Our software outputs a directory to an Apache server that replaces an underscore with a %5F in the name of the directory.
For instance if the name of the directory was listed as a string in our software it would be: "andy_test", but then when the software outputs the directory to the Apache server, it would become "andy%5Ftest". Unfortunately, when you access the url on the server it ends up becoming "andy%255Ftest".
Somehow this seems wrong to me, once again the progression is:
- andy_test <- (as a string in the software)
- andy%5Ftest <- (listed as a directory on the server)
- andy%255Ftest <- (must be used when calling the same directory as a URL on the server from a web browser.)
I'm assuming that "%5" is encoding for underscore, and that "%25" is encoding for "%".
Now it would seem to me that the way that the directory name should be listed on the server would be just plain andy_test and if you were using an encoded URI then maybe you would end up with the "andy%5Ftest" to access the directory on the apache server.
I asked the guys on the backend about it, and they said that they were just: "encoding anything that was not a letter or a number.
So I guess I'm a bit confused on this. Can you tell me who is right, and direct me to some information on why?
回答1:
You should not encode the directory names as you create them (as you suggested). Encoding should only happen at the last stage where it is handed out to the browser.

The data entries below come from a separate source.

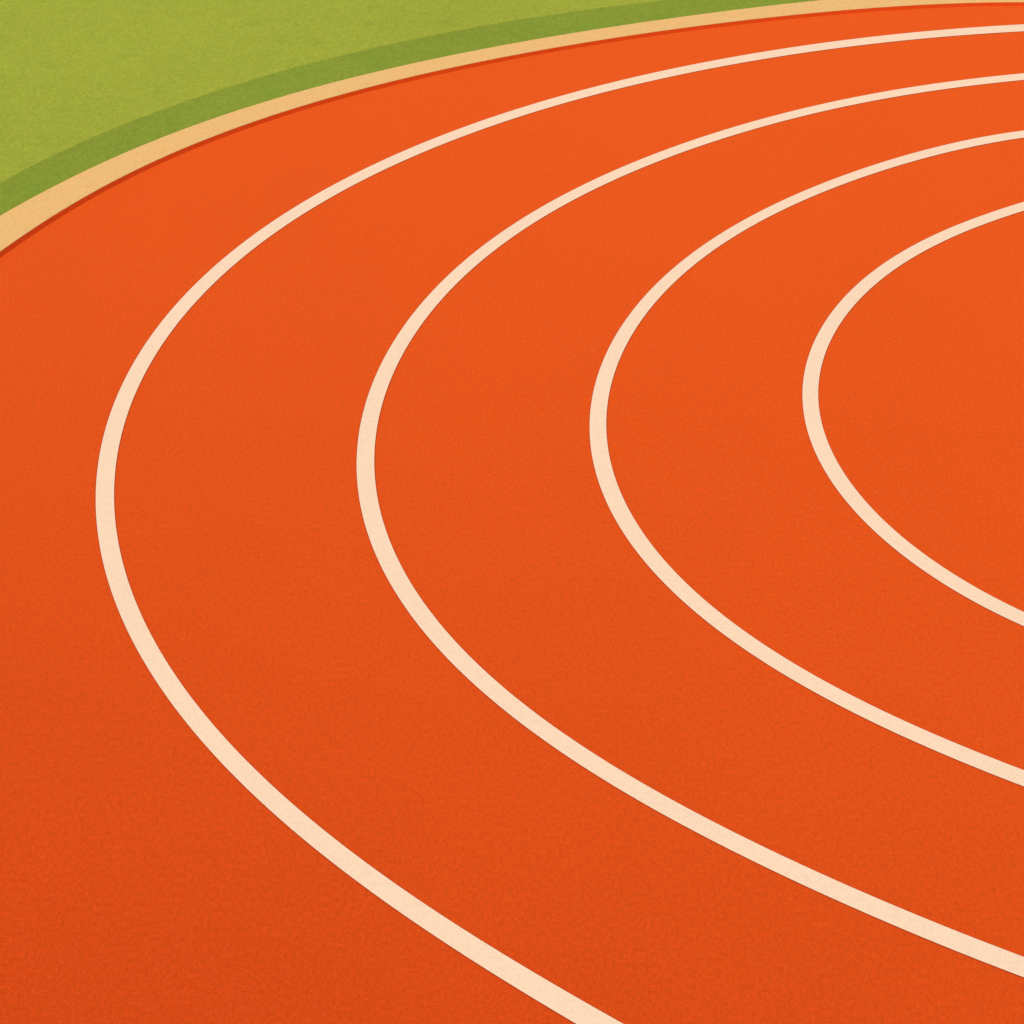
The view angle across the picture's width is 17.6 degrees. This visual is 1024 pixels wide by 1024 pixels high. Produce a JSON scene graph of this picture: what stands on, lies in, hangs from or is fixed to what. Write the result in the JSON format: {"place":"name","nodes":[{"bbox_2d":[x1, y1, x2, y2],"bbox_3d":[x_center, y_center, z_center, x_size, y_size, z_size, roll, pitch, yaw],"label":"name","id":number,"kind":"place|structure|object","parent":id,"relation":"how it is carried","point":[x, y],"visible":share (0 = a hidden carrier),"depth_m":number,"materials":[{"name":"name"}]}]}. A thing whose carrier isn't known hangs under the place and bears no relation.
{"place":"outdoors","nodes":[
{"label":"outdoors","id":0,"kind":"place"},
{"bbox_2d":[0,0,660,182],"bbox_3d":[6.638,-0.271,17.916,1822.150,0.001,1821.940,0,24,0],"label":"grass","id":1,"kind":"structure","parent":0,"point":[74,72],"depth_m":25.49,"materials":[{"name":"green plant"}]},
{"bbox_2d":[0,0,816,215],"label":"grass verge","id":2,"kind":"object","parent":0,"point":[21,187],"depth_m":24.79,"materials":[{"name":"green plant"}]},
{"bbox_2d":[0,6,1023,1023],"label":"running track","id":3,"kind":"structure","parent":0,"point":[159,864],"depth_m":16.88,"materials":[{"name":"rubber"}]},
{"bbox_2d":[95,24,1023,1023],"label":"lane line","id":4,"kind":"object","parent":3,"relation":"on","point":[289,814],"visible":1,"depth_m":16.28,"materials":[{"name":"paint"}]},
{"bbox_2d":[356,73,1023,977],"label":"lane line","id":5,"kind":"object","parent":3,"relation":"on","point":[458,657],"visible":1,"depth_m":15.91,"materials":[{"name":"paint"}]},
{"bbox_2d":[589,130,1023,786],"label":"lane line","id":6,"kind":"object","parent":3,"relation":"on","point":[667,574],"visible":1,"depth_m":17.29,"materials":[{"name":"paint"}]},
{"bbox_2d":[802,202,1023,626],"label":"lane line","id":7,"kind":"object","parent":3,"relation":"on","point":[870,516],"visible":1,"depth_m":18.38,"materials":[{"name":"paint"}]},
{"bbox_2d":[0,0,1023,257],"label":"kerb","id":8,"kind":"structure","parent":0,"point":[26,220],"depth_m":24.45,"materials":[{"name":"concrete"}]}
]}

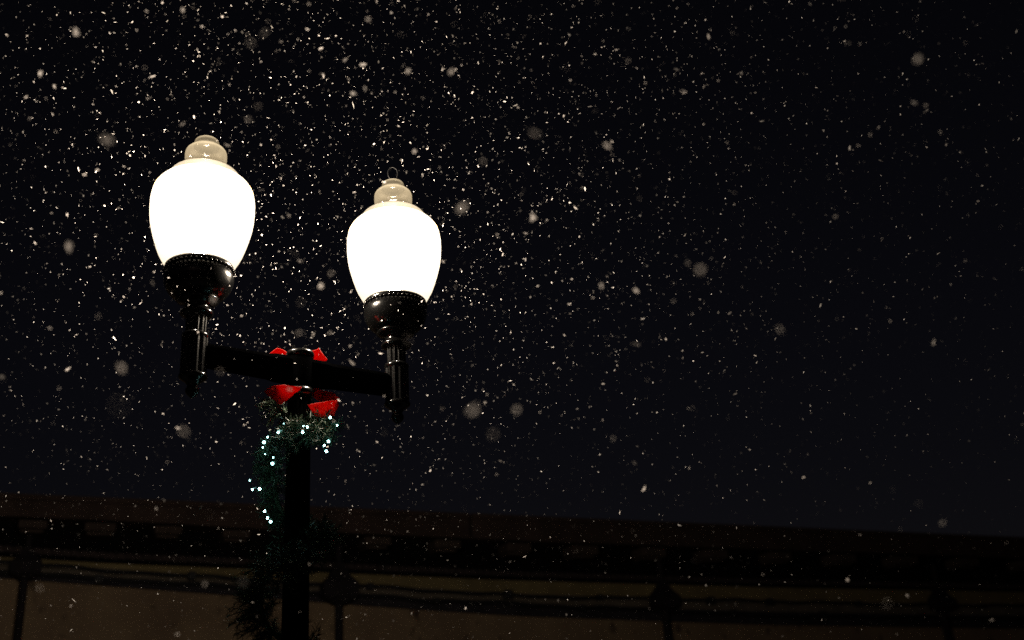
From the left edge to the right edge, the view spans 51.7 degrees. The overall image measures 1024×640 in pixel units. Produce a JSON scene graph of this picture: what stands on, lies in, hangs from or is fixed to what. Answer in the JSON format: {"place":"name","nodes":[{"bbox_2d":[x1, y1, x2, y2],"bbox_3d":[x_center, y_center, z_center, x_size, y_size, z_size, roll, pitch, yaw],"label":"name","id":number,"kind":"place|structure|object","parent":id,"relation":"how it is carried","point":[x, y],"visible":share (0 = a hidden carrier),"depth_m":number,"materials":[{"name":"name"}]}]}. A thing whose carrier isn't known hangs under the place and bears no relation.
{"place":"outdoors","nodes":[
{"label":"outdoors","id":0,"kind":"place"},
{"bbox_2d":[0,0,1022,639],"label":"falling snow","id":1,"kind":"structure","parent":0,"point":[460,208],"depth_m":4.59,"materials":[{"name":"white snow"}]},
{"bbox_2d":[0,0,1023,536],"label":"sky","id":2,"kind":"structure","parent":0,"point":[989,233],"materials":[{"name":"black"}]},
{"label":"ground","id":3,"kind":"structure","parent":0,"visible":0},
{"bbox_2d":[149,135,440,639],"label":"street lamp","id":4,"kind":"object","parent":3,"relation":"on","point":[203,278],"visible":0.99,"depth_m":4.29,"materials":[{"name":"black"}]},
{"bbox_2d":[225,397,347,639],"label":"evergreen garland","id":5,"kind":"object","parent":4,"relation":"attached to","point":[257,592],"visible":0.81,"depth_m":3.92},
{"bbox_2d":[249,417,337,531],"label":"fairy lights","id":6,"kind":"object","parent":5,"relation":"attached to","point":[272,463],"visible":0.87,"depth_m":3.98,"materials":[{"name":"white"}]},
{"bbox_2d":[264,348,339,417],"bbox_3d":[-0.831,0.241,4.184,0.292,0.325,0.218,1,-23,-11],"label":"ribbon bow","id":7,"kind":"object","parent":4,"relation":"attached to","point":[281,394],"visible":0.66,"depth_m":4.11,"materials":[{"name":"red fabric"}]},
{"bbox_2d":[0,493,1023,639],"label":"building","id":8,"kind":"structure","parent":3,"relation":"on","point":[831,559],"depth_m":15.09,"materials":[{"name":"paint"}]},
{"bbox_2d":[9,535,42,639],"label":"rainwater pipe","id":9,"kind":"object","parent":8,"relation":"attached to","point":[25,566],"visible":0.88,"depth_m":12.38,"materials":[{"name":"black metal"}]},
{"bbox_2d":[319,545,358,639],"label":"rainwater pipe","id":10,"kind":"object","parent":8,"relation":"attached to","point":[340,590],"visible":0.96,"depth_m":13.90,"materials":[{"name":"black metal"}]},
{"bbox_2d":[0,570,1023,620],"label":"wall cable","id":11,"kind":"object","parent":8,"relation":"attached to","point":[820,615],"depth_m":15.15,"materials":[{"name":"black"}]},
{"bbox_2d":[0,560,1023,608],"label":"wall cable","id":12,"kind":"object","parent":8,"relation":"attached to","point":[193,575],"depth_m":15.05,"materials":[{"name":"black"}]},
{"bbox_2d":[649,560,679,639],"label":"rainwater pipe","id":13,"kind":"object","parent":8,"relation":"attached to","point":[665,597],"visible":0.88,"depth_m":15.99,"materials":[{"name":"black metal"}]},
{"bbox_2d":[927,564,955,639],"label":"rainwater pipe","id":14,"kind":"object","parent":8,"relation":"attached to","point":[941,600],"visible":1,"depth_m":18.38,"materials":[{"name":"black metal"}]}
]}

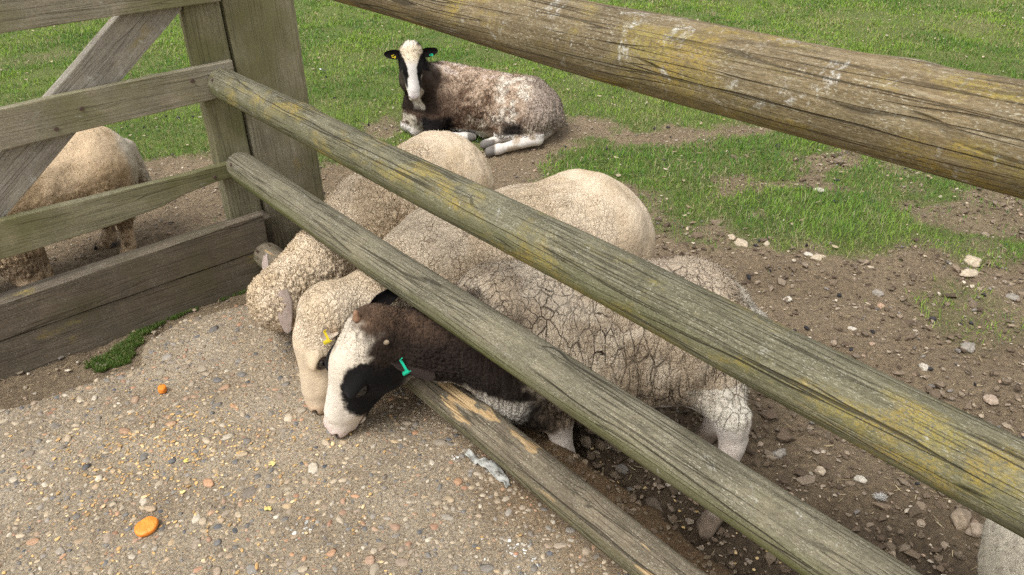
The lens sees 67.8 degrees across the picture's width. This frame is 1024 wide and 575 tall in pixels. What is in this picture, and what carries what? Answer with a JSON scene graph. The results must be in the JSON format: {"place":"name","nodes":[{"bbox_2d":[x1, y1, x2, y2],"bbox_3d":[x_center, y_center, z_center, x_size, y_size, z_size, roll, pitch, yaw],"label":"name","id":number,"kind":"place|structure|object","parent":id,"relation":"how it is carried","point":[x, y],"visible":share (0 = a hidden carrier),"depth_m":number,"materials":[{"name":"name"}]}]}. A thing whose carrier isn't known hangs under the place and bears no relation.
{"place":"outdoors","nodes":[
{"label":"outdoors","id":0,"kind":"place"},
{"bbox_2d":[290,455,551,574],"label":"bird droppings","id":1,"kind":"object","parent":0,"point":[306,522],"visible":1,"depth_m":1.86,"materials":[{"name":"white"}]},
{"bbox_2d":[0,0,1023,574],"bbox_3d":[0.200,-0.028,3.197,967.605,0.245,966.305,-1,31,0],"label":"ground","id":2,"kind":"structure","parent":0,"point":[192,210],"depth_m":3.46,"materials":[{"name":"brown soil"}]},
{"bbox_2d":[0,126,151,286],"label":"sheep","id":3,"kind":"object","parent":2,"relation":"on","point":[92,161],"visible":0.45,"depth_m":3.07},
{"bbox_2d":[82,289,246,372],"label":"grass","id":4,"kind":"structure","parent":2,"relation":"on","point":[135,339],"depth_m":2.61,"materials":[{"name":"green plant"}]},
{"bbox_2d":[219,0,324,249],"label":"gate post","id":5,"kind":"object","parent":2,"relation":"on","point":[263,41],"visible":0.32,"depth_m":2.85,"materials":[{"name":"brown wood"}]},
{"bbox_2d":[0,0,275,381],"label":"gate","id":6,"kind":"structure","parent":5,"relation":"attached to","point":[82,309],"depth_m":2.56,"materials":[{"name":"brown wood"}]},
{"bbox_2d":[0,304,732,574],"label":"concrete slab","id":7,"kind":"structure","parent":2,"relation":"on","point":[430,519],"depth_m":2.04,"materials":[{"name":"stone"}]},
{"bbox_2d":[134,516,158,536],"bbox_3d":[-0.918,0.600,1.914,0.058,0.014,0.050,-29,47,-30],"label":"carrot slice","id":8,"kind":"object","parent":7,"relation":"on","point":[146,526],"visible":1,"depth_m":1.91,"materials":[{"name":"orange food"}]},
{"bbox_2d":[158,384,166,393],"bbox_3d":[-1.093,0.317,2.383,0.026,0.018,0.030,-11,32,-23],"label":"carrot slice","id":9,"kind":"object","parent":7,"relation":"on","point":[162,388],"visible":1,"depth_m":2.38,"materials":[{"name":"orange food"}]},
{"bbox_2d":[2,378,521,574],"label":"feed grain","id":10,"kind":"object","parent":7,"relation":"on","point":[187,486],"visible":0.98,"depth_m":2.10},
{"bbox_2d":[464,448,510,487],"bbox_3d":[-0.062,0.487,2.075,0.039,0.018,0.177,-27,40,-36],"label":"paper scrap","id":11,"kind":"object","parent":7,"relation":"on","point":[495,470],"visible":0.99,"depth_m":2.07,"materials":[{"name":"white paper"}]},
{"bbox_2d":[522,430,721,574],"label":"mud crumbs","id":12,"kind":"object","parent":7,"relation":"on","point":[618,499],"visible":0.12,"depth_m":1.96,"materials":[{"name":"brown soil"}]},
{"bbox_2d":[245,130,494,333],"bbox_3d":[-0.467,-0.142,2.786,0.456,0.670,1.207,17,35,27],"label":"sheep","id":13,"kind":"object","parent":2,"relation":"on","point":[290,274],"visible":0.46,"depth_m":2.51},
{"bbox_2d":[292,168,655,414],"bbox_3d":[-0.102,0.016,2.499,1.264,0.680,0.508,-17,34,-24],"label":"sheep","id":14,"kind":"object","parent":2,"relation":"on","point":[608,209],"visible":0.39,"depth_m":2.27},
{"bbox_2d":[384,38,565,156],"bbox_3d":[-0.195,-1.159,4.542,1.047,0.688,0.644,6,32,11],"label":"sheep","id":15,"kind":"object","parent":2,"relation":"on","point":[501,112],"visible":0.95,"depth_m":4.48},
{"bbox_2d":[0,0,1023,248],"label":"dead leaves","id":16,"kind":"object","parent":2,"relation":"on","point":[646,102],"visible":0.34,"depth_m":5.32,"materials":[{"name":"brown plant"}]},
{"bbox_2d":[53,76,1023,484],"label":"stones","id":17,"kind":"object","parent":2,"relation":"on","point":[747,274],"visible":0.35,"depth_m":3.15,"materials":[{"name":"stone"}]},
{"bbox_2d":[323,253,767,539],"bbox_3d":[0.101,0.261,2.116,1.295,0.683,0.607,-1,31,0],"label":"sheep","id":18,"kind":"object","parent":2,"relation":"on","point":[380,348],"visible":0.69,"depth_m":1.98},
{"bbox_2d":[604,440,616,450],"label":"stone","id":19,"kind":"object","parent":2,"relation":"on","point":[609,444],"visible":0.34,"depth_m":2.31,"materials":[{"name":"stone"}]},
{"bbox_2d":[615,464,628,474],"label":"stone","id":20,"kind":"object","parent":2,"relation":"on","point":[623,468],"visible":1,"depth_m":2.22,"materials":[{"name":"grey stone"}]},
{"bbox_2d":[642,497,663,512],"bbox_3d":[0.394,0.616,2.111,0.064,0.040,0.072,-1,31,0],"label":"stone","id":21,"kind":"object","parent":2,"relation":"on","point":[655,502],"visible":0.44,"depth_m":2.11,"materials":[{"name":"grey stone"}]},
{"bbox_2d":[591,447,780,570],"bbox_3d":[0.509,0.623,2.082,0.247,0.040,1.291,-25,39,-34],"label":"feed grain","id":22,"kind":"object","parent":2,"relation":"on","point":[683,527],"visible":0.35,"depth_m":2.05},
{"bbox_2d":[727,234,735,240],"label":"stone","id":23,"kind":"object","parent":2,"relation":"on","point":[731,236],"visible":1,"depth_m":3.45,"materials":[{"name":"beige stone"}]},
{"bbox_2d":[734,238,747,246],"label":"stone","id":24,"kind":"object","parent":2,"relation":"on","point":[741,242],"visible":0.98,"depth_m":3.40,"materials":[{"name":"beige stone"}]},
{"bbox_2d":[772,448,786,458],"bbox_3d":[0.802,0.497,2.288,0.055,0.029,0.037,-24,38,-33],"label":"stone","id":25,"kind":"object","parent":2,"relation":"on","point":[779,453],"visible":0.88,"depth_m":2.27,"materials":[{"name":"grey stone"}]},
{"bbox_2d":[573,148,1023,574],"bbox_3d":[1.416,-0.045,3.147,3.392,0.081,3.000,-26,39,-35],"label":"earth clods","id":26,"kind":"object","parent":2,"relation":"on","point":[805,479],"visible":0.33,"depth_m":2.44,"materials":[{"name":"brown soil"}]},
{"bbox_2d":[804,252,812,256],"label":"stone","id":27,"kind":"object","parent":2,"relation":"on","point":[807,254],"visible":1,"depth_m":3.31,"materials":[{"name":"white stone"}]},
{"bbox_2d":[810,254,825,261],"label":"stone","id":28,"kind":"object","parent":2,"relation":"on","point":[816,257],"visible":1,"depth_m":3.29,"materials":[{"name":"beige stone"}]},
{"bbox_2d":[815,466,825,475],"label":"stone","id":29,"kind":"object","parent":2,"relation":"on","point":[820,470],"visible":0.99,"depth_m":2.22,"materials":[{"name":"beige stone"}]},
{"bbox_2d":[853,475,866,483],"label":"stone","id":30,"kind":"object","parent":2,"relation":"on","point":[861,479],"visible":1,"depth_m":2.19,"materials":[{"name":"white stone"}]},
{"bbox_2d":[872,289,883,296],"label":"stone","id":31,"kind":"object","parent":2,"relation":"on","point":[877,292],"visible":1,"depth_m":3.03,"materials":[{"name":"grey stone"}]},
{"bbox_2d":[872,492,887,500],"bbox_3d":[1.020,0.576,2.109,0.047,0.018,0.038,-1,31,0],"label":"wool tuft","id":32,"kind":"object","parent":2,"relation":"on","point":[881,496],"visible":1,"depth_m":2.11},
{"bbox_2d":[877,303,884,308],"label":"stone","id":33,"kind":"object","parent":2,"relation":"on","point":[880,305],"visible":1,"depth_m":2.97,"materials":[{"name":"beige stone"}]},
{"bbox_2d":[918,363,928,370],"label":"stone","id":34,"kind":"object","parent":2,"relation":"on","point":[923,366],"visible":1,"depth_m":2.63,"materials":[{"name":"white stone"}]},
{"bbox_2d":[950,508,971,530],"bbox_3d":[1.214,0.625,2.057,0.068,0.041,0.072,-1,31,0],"label":"stone","id":35,"kind":"object","parent":2,"relation":"on","point":[961,518],"visible":1,"depth_m":2.04,"materials":[{"name":"beige stone"}]},
{"bbox_2d":[960,342,974,352],"bbox_3d":[1.633,0.212,2.728,0.049,0.032,0.066,13,34,22],"label":"stone","id":36,"kind":"object","parent":2,"relation":"on","point":[969,347],"visible":0.99,"depth_m":2.71,"materials":[{"name":"white stone"}]},
{"bbox_2d":[959,269,978,277],"bbox_3d":[1.886,-0.056,3.150,0.084,0.037,0.051,-1,31,0],"label":"stone","id":37,"kind":"object","parent":2,"relation":"on","point":[966,273],"visible":1,"depth_m":3.14,"materials":[{"name":"beige stone"}]},
{"bbox_2d":[963,255,981,267],"bbox_3d":[1.946,-0.109,3.222,0.070,0.045,0.084,21,37,31],"label":"stone","id":38,"kind":"object","parent":2,"relation":"on","point":[971,261],"visible":0.98,"depth_m":3.20,"materials":[{"name":"beige stone"}]},
{"bbox_2d":[964,522,983,537],"bbox_3d":[1.237,0.642,2.017,0.079,0.029,0.045,-1,31,0],"label":"stone","id":39,"kind":"object","parent":2,"relation":"on","point":[974,529],"visible":0.65,"depth_m":2.01,"materials":[{"name":"beige stone"}]},
{"bbox_2d":[983,394,998,405],"bbox_3d":[1.566,0.367,2.491,0.042,0.026,0.050,-1,31,0],"label":"stone","id":40,"kind":"object","parent":2,"relation":"on","point":[991,399],"visible":1,"depth_m":2.48,"materials":[{"name":"beige stone"}]},
{"bbox_2d":[975,518,1023,574],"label":"sheep","id":41,"kind":"object","parent":2,"relation":"on","point":[1001,550],"visible":0.68,"depth_m":1.39},
{"bbox_2d":[1005,293,1019,301],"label":"stone","id":42,"kind":"object","parent":2,"relation":"on","point":[1013,296],"visible":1,"depth_m":2.99,"materials":[{"name":"grey stone"}]},
{"bbox_3d":[1.200,0.595,0.844,0.270,1.772,0.200,-25,38,-34],"label":"gate post","id":43,"kind":"object","parent":2,"relation":"on","visible":0},
{"bbox_2d":[253,242,707,574],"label":"fence rail","id":44,"kind":"object","parent":43,"relation":"attached to","point":[621,538],"visible":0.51,"depth_m":1.84,"materials":[{"name":"brown wood"}]},
{"bbox_2d":[226,152,921,574],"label":"fence rail","id":45,"kind":"object","parent":43,"relation":"attached to","point":[790,530],"visible":1,"depth_m":1.57,"materials":[{"name":"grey wood"}]},
{"bbox_2d":[207,68,1023,537],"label":"fence rail","id":46,"kind":"object","parent":43,"relation":"attached to","point":[963,458],"visible":1,"depth_m":1.25,"materials":[{"name":"brown wood"}]},
{"bbox_2d":[333,0,1023,198],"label":"fence rail","id":47,"kind":"object","parent":43,"relation":"attached to","point":[958,125],"visible":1,"depth_m":0.99,"materials":[{"name":"brown wood"}]},
{"bbox_2d":[0,0,1023,346],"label":"grass","id":48,"kind":"structure","parent":0,"point":[670,4],"depth_m":5.64,"materials":[{"name":"green plant"}]},
{"bbox_2d":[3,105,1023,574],"bbox_3d":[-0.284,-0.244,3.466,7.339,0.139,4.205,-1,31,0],"label":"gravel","id":49,"kind":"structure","parent":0,"point":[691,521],"depth_m":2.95,"materials":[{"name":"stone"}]}
]}

That's why you are ending up with 'double' encoding: %25 is % and 5F is the leftover from the first encoding of underscore.
Also, note that you don't need to encode underscores according to rfc1738.
2.2. URL Character Encoding Issues
...
Thus, only alphanumerics, the special characters "$-_.+!*'(),", and reserved characters used for their reserved purposes may be used unencoded within a URL.
回答2:
There is double encoding happening in what you are showing. Two steps should be enough:
andy_test
is both the string in the software and the actual name of the directory or script in the filesystem (the resource the web server accesses)
andy%5Ftest
is andy_test
URL encoded. This string should the browser use (it's not really needed in the underscore case, but may be in other cases).
andy%255ftest
is just andy_test
URL encoded twice, which makes no sense, there should be no need to. Just decide WHERE you will do the encoding. If you do it both at the code level and at the webserver level this is what can happen and the result is broken links unless you are decoding two times again, which is not really needed nor sane.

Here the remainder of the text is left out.